# Shingling over an old roof



## Will (Jun 24, 2006)

Hi

   I know sqaure eye and inspector D will probably say don't touch this job, but theres a guy who wants to shingle over 3 layers of existing shingles. They are in crappy shape I looked at them. Curled up and crunchy. I've never shingled over existing shingles before, only done it from the decking up which I admit would be preferable.But the guy just doesnt have the dough for that. Would I put felt paper or tar paper down first? Would I flash all valleys? It's a cross gable kind of roof. He wants it fixed because its leaking. It seems to be leaking near a chimney. but I'd rather go over everything because its such bad condition.
       Are there any other more "recommended" options anybody can think of in a situation like this if a customer doesn't want to rip off the whole old roof?

                                                          Will


----------



## Bridgewater (Jun 24, 2006)

Will we do alot what you wouldnt do jobs and if we were asked to put on a forth layer of shingles We Would Not Put Our name on it. That is the most stupid thing you could do. I bet the rafters are allredy saging and a big dip in that roof and ridge. He wana add more weight!?!? I roll my eyes on that thought.
BUT I know a guy that buys houses in Detroit and he will strip off one or two layers leaving the rest and get away with it!!!
You dont realy need valley roll just ice &water guard and shingle your low gable first and let shingle run into and up onto the main roof at least 16" with out cutting and run the main shingle to that valley over and snap a line and cut just a bit high, for not to hold debrey and alow run off.
I would tell this guy tear off and eaven though I aint seen a Pic. I would jack a knew wall in and proulbly sister in rafters.
I been around a bit, and can see what this house roof looks like.
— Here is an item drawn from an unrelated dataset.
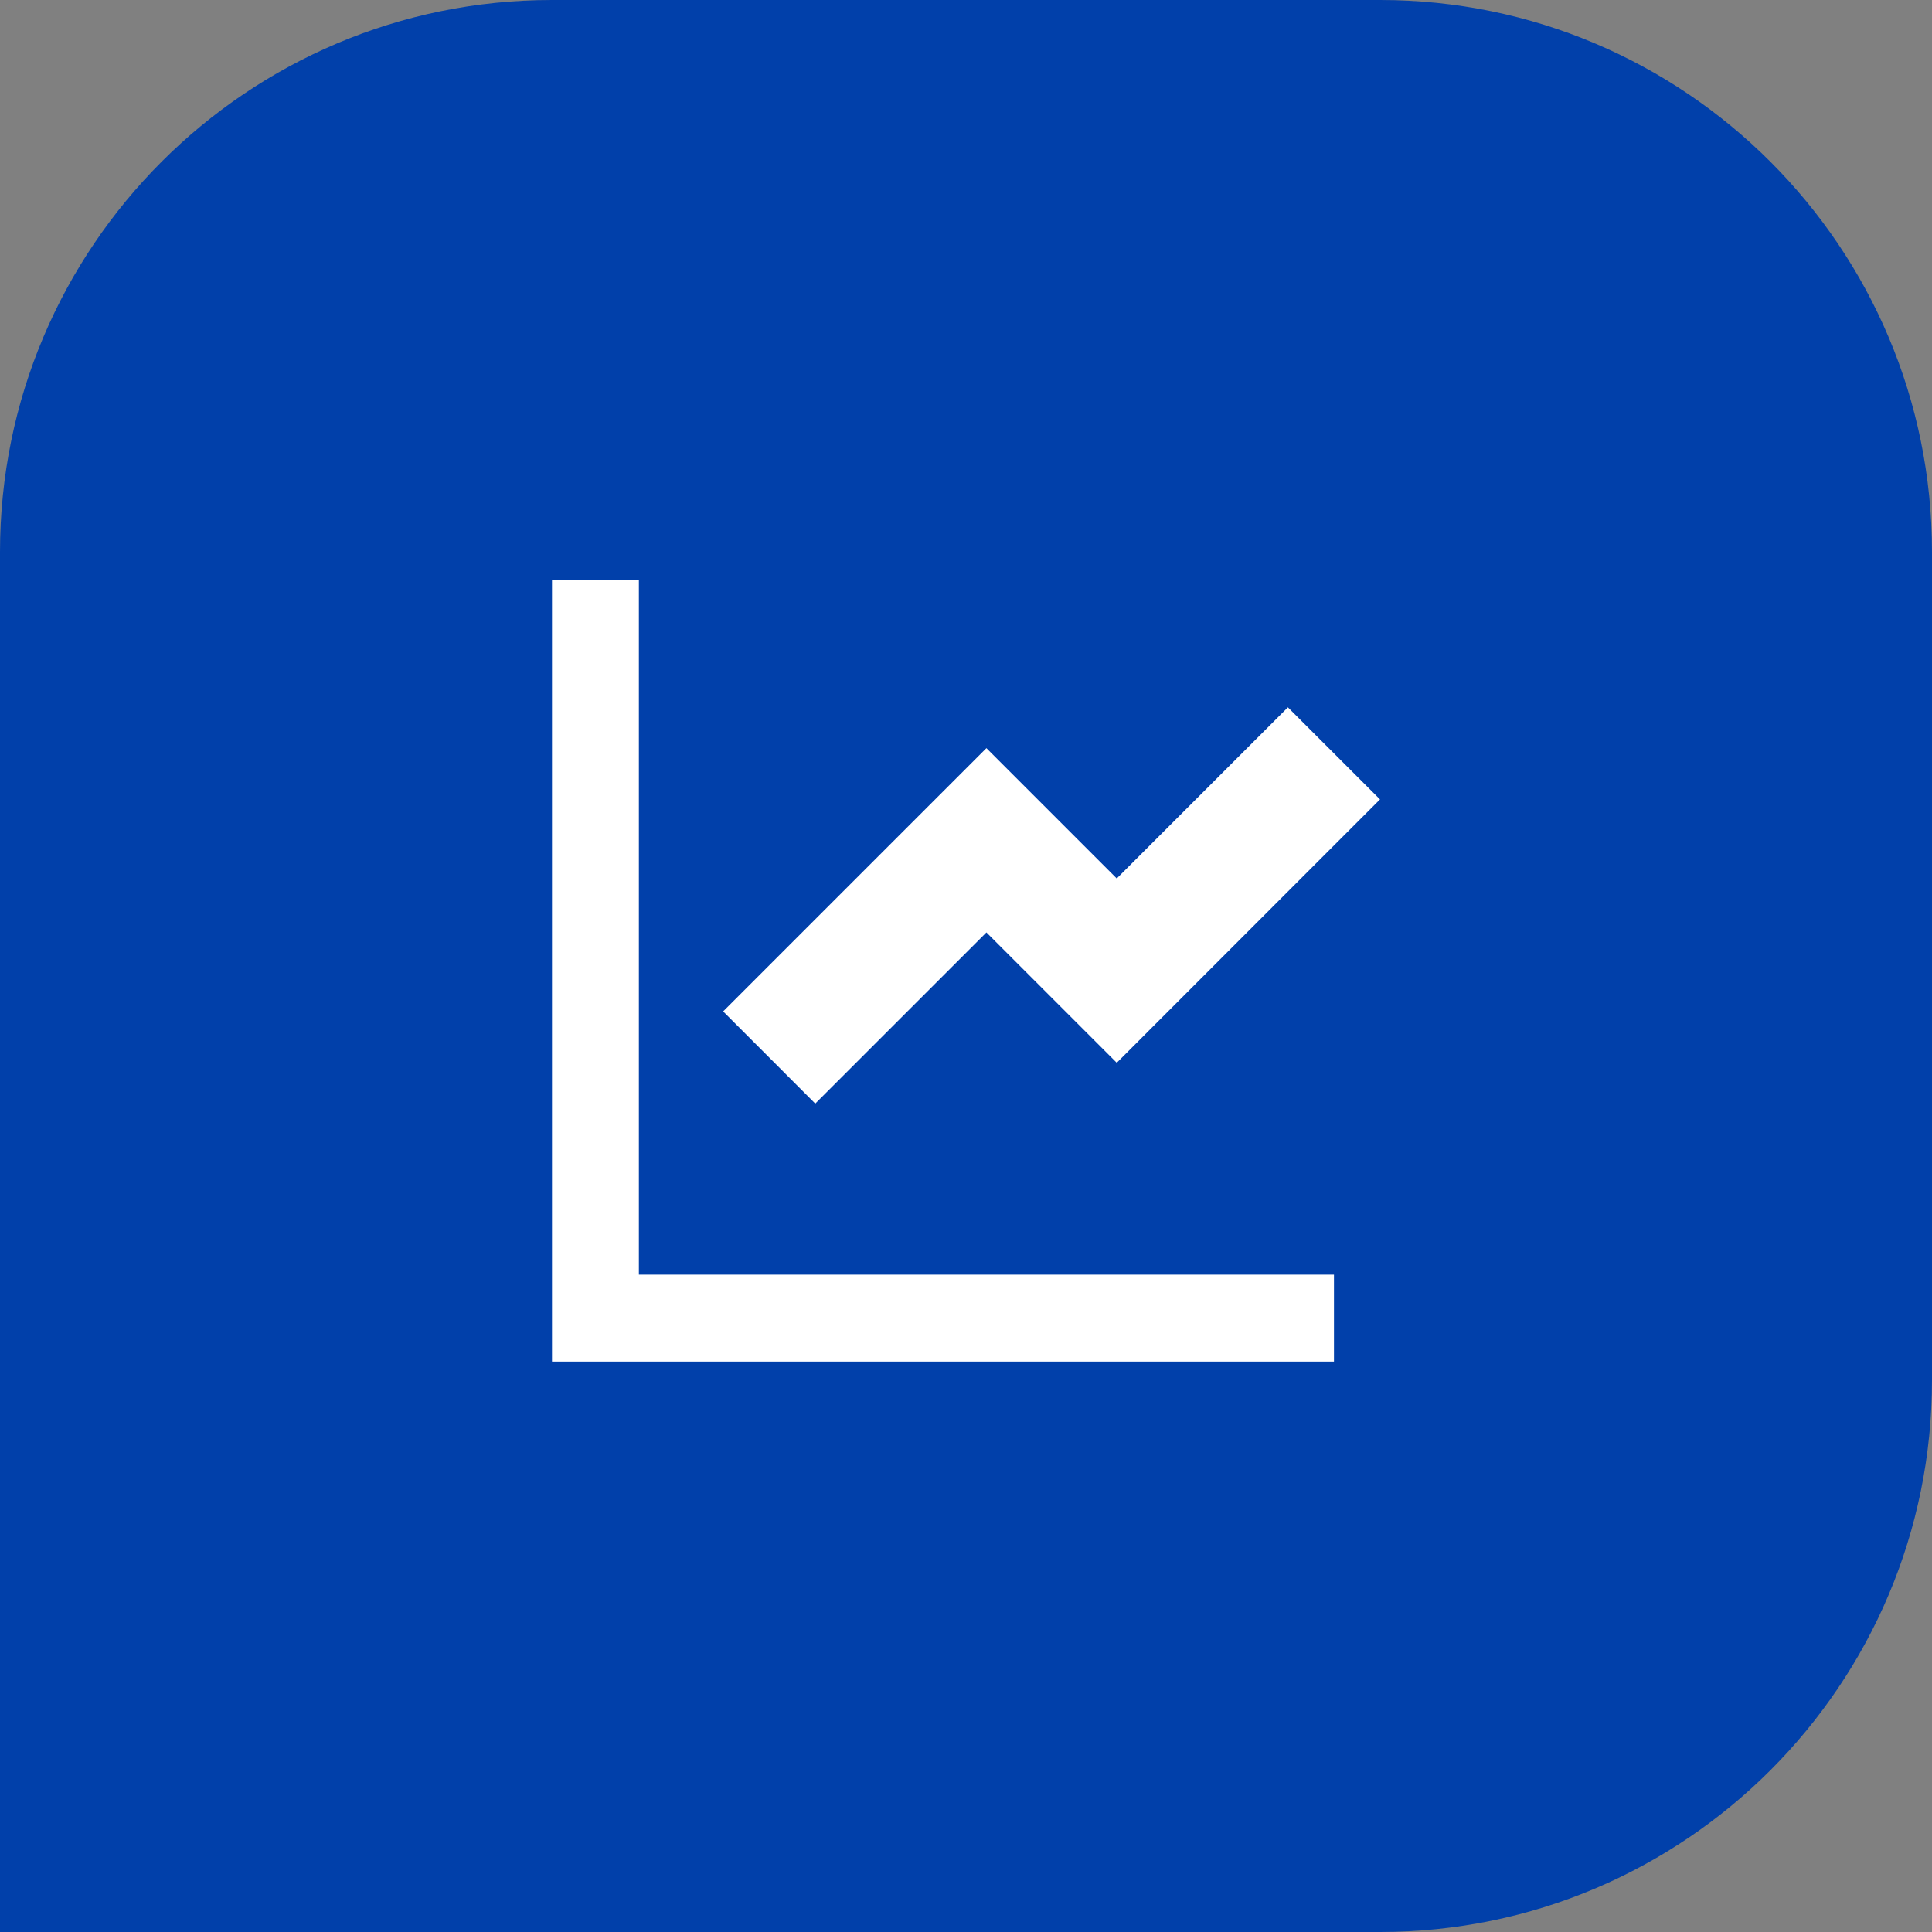 <svg xmlns="http://www.w3.org/2000/svg" width="70" height="70" viewBox="0 0 70 70" fill="none"><rect x="0" y="0" width="70" height="70" fill="#808080" stroke="none"/><path d="M20 8.74228e-07C8.954 3.91405e-07 -3.91405e-07 8.954 -8.74228e-07 20L-3.0598e-06 70L50 70C61.046 70 70 61.046 70 50L70 20C70 8.954 61.046 2.66839e-06 50 2.18557e-06L20 8.74228e-07Z" fill="#0140AA"></path><path d="M23.148 21V46.184H48.332V49.332H20V21H23.148ZM46.663 25.628L50 28.964L40.462 38.506L35.74 33.784L29.538 39.985L26.201 36.645L35.74 27.107L40.462 31.829L46.663 25.628V25.628Z" fill="white"></path></svg>

LMAO.


----------



## Square Eye (Jun 24, 2006)

Will said:
			
		

> I know sqaure eye and inspector D will probably say don't touch this job,



Will, have you considered going into another line of work?

People will try to take advantage of an inexperienced contractor and will land you in big-time trouble nearly every time. 
Then there is the liability issue. 
You will be better off to go to work for another contractor and get some real experience before you get sued.


----------



## Square Eye (Jun 24, 2006)

Will said:
			
		

> Are there any other more "recommended" options anybody can think of in a situation like this if a customer doesn't want to rip off the whole old roof?











Build a huge circus tent over the whole house.


----------



## glennjanie (Jun 24, 2006)

Hello Will:
To summarize what the other guys have said, *"Don't touch this one; he can't afford you and you can't afford to put your reputation on the line for him". I will gurantee this job will leak more after another layer than it does now.
Glenn*


----------



## Will (Jul 3, 2006)

Yeah I'm beginning to think doing the whole roof is the only option. I was just over there and get this, the only decking on the roof seems to be some kind of wood shingles. Ive never seen this before but looking up from the attick you can see them nailed right onto the rafters. No wonder the things leaking like a sonofa_gun_.


                 Will


----------



## manhattan42 (Jul 3, 2006)

New York State Building Code does not allow having more than 2 layers of shingles on any roof.

It would be a code violation to add a 4th layer to this structure and you will not be able to secure permits to do this job.

See section R907.3 of the _NY State Residential Code_:



> "New roof coverings shall NOT be installed without *first removing existing roof coverings* where _*any*_ of the following conditions occur:
> 
> 1. Where the existing roof or roof covering is water-soaked or has deteriorated to the point that the existing roof or roof covering is not adequate as a base for additional roofing.
> 
> ...



You can see for yourself the text of the NY State Residential Code here in Chapter 9:

http://www2.iccsafe.org/states/new_york/NY_Residential/residential_frameset.htm

Appear you have *ALL *of the above negative conditions present and no way would you be permitted or pass inspection for reroofing if you add another layer.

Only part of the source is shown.